| TASK TO COMPLETE |
Restate word for word the section of the entries that opens at the line containing "Q: Width (condensed, normal, or" and closes at the line containing "Plenty of ink", both lines kept, pictures dropped.

| ENTRIES SUPPLIED |
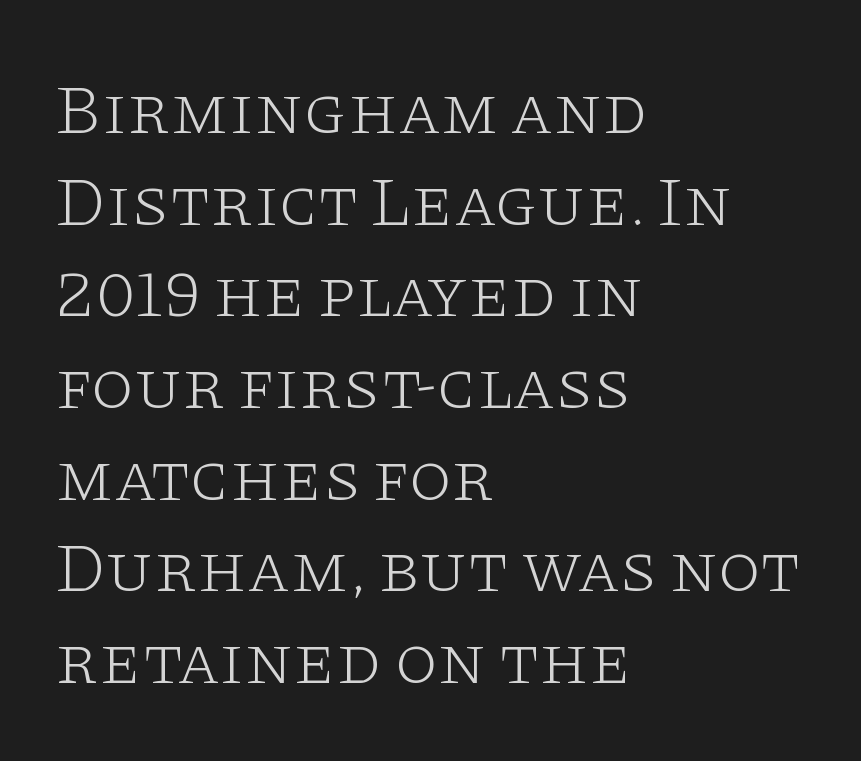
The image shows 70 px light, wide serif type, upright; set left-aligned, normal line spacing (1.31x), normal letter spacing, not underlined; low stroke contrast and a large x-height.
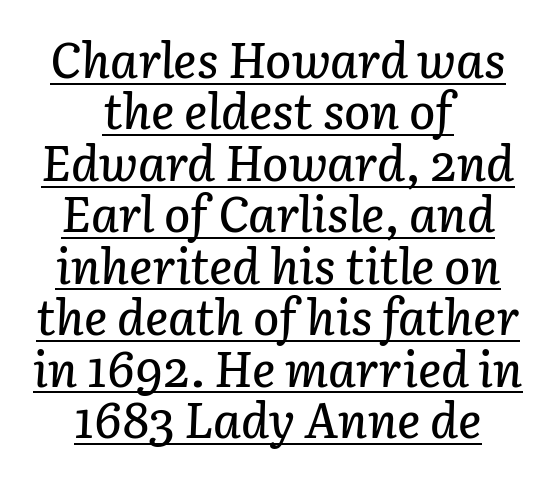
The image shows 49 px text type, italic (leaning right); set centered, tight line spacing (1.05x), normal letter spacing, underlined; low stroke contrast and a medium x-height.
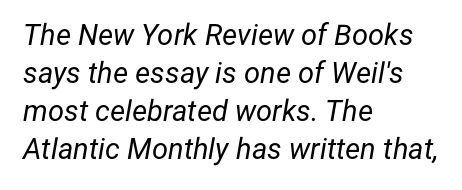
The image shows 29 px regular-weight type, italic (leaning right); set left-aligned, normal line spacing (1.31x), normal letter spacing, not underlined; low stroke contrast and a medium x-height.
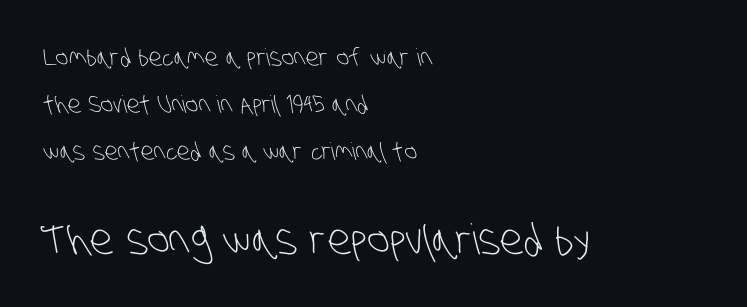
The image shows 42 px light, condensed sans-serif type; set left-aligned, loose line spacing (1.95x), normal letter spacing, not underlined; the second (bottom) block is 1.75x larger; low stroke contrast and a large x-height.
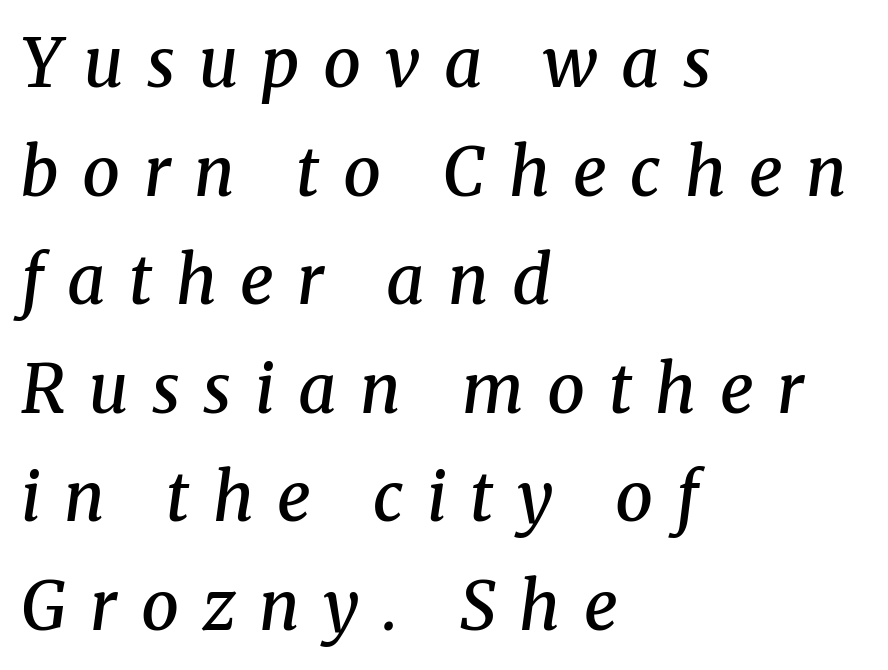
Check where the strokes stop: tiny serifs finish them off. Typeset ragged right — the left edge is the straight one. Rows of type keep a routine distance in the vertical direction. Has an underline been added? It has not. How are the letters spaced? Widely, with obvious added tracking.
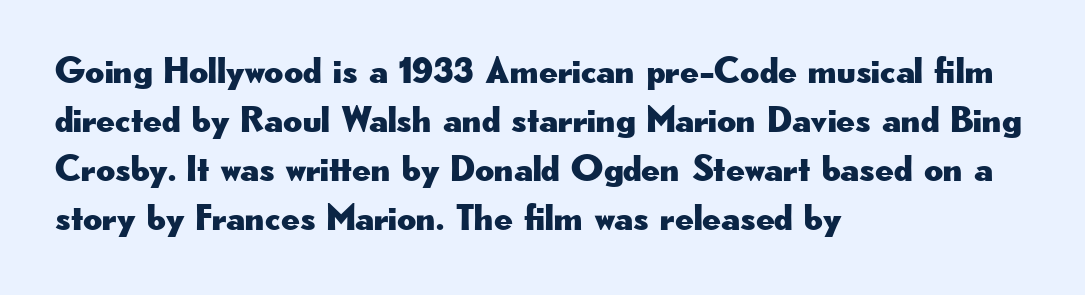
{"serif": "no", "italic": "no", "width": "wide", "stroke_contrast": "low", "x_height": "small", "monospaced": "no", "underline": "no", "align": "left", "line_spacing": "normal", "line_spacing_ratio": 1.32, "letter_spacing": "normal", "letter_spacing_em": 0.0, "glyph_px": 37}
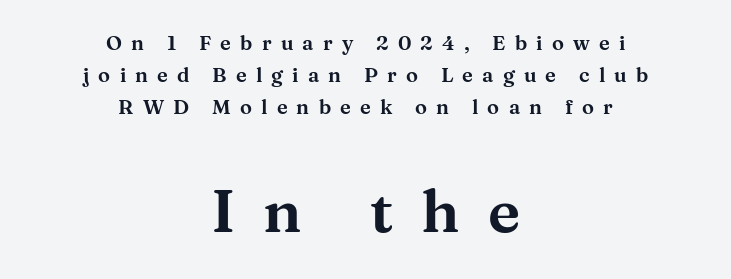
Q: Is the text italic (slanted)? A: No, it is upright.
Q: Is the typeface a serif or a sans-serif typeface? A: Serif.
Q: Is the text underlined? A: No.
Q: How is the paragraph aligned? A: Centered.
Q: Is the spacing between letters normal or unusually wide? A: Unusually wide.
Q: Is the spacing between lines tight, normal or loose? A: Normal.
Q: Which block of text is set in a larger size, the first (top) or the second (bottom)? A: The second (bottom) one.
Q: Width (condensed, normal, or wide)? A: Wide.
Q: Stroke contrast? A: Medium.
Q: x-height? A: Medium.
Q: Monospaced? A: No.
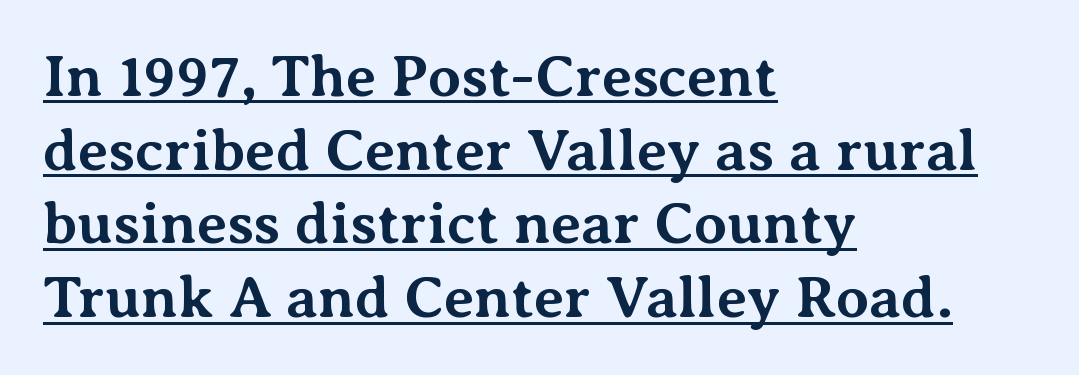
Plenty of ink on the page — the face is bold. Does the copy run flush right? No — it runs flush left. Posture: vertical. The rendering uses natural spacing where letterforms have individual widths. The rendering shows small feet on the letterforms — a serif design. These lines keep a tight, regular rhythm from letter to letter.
--
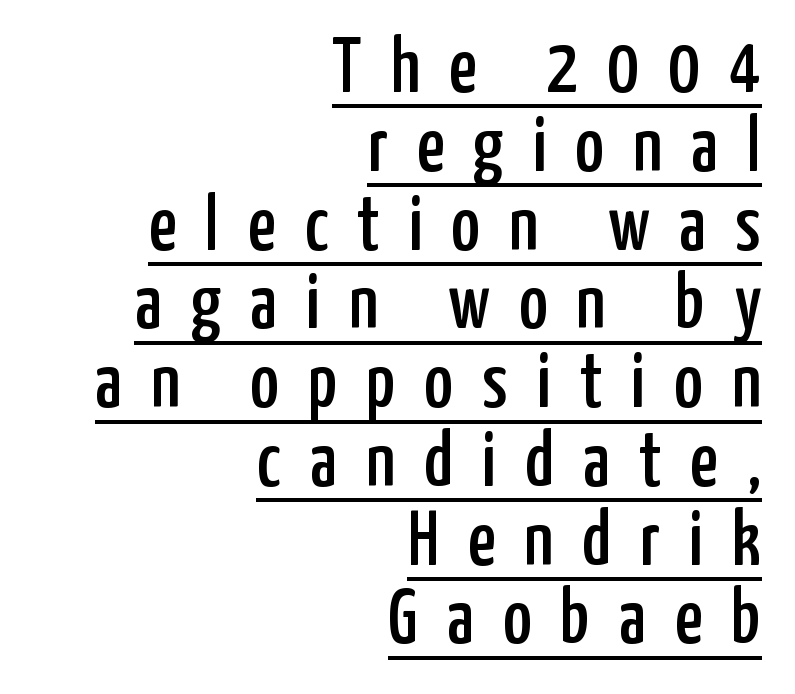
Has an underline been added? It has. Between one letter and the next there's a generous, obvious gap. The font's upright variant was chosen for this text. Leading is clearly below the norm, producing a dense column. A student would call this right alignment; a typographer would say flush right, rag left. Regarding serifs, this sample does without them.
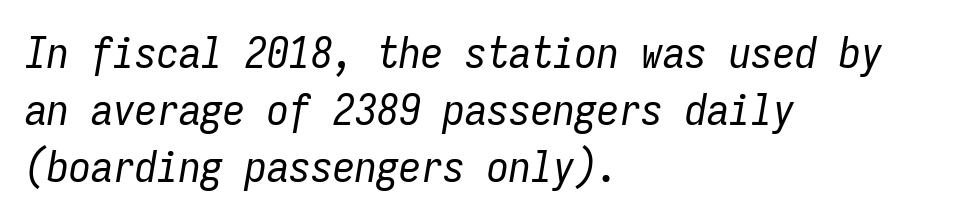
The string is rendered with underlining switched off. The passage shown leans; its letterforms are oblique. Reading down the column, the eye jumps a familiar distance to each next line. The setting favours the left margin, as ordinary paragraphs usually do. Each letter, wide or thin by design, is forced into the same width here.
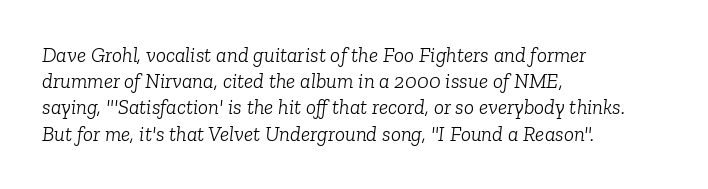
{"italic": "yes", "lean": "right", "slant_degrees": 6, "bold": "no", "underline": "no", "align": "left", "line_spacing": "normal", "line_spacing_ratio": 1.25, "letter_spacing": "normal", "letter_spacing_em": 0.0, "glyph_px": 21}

| EXPECTED ANSWER |
Q: Width (condensed, normal, or wide)? A: Wide.
Q: Stroke contrast? A: Medium.
Q: x-height? A: Medium.
Q: Monospaced? A: No.
Plenty of ink on the page — the face is bold. Does the copy run flush right? No — it runs flush left. Posture: vertical. The rendering uses natural spacing where letterforms have individual widths. The rendering shows small feet on the letterforms — a serif design. These lines keep a tight, regular rhythm from letter to letter.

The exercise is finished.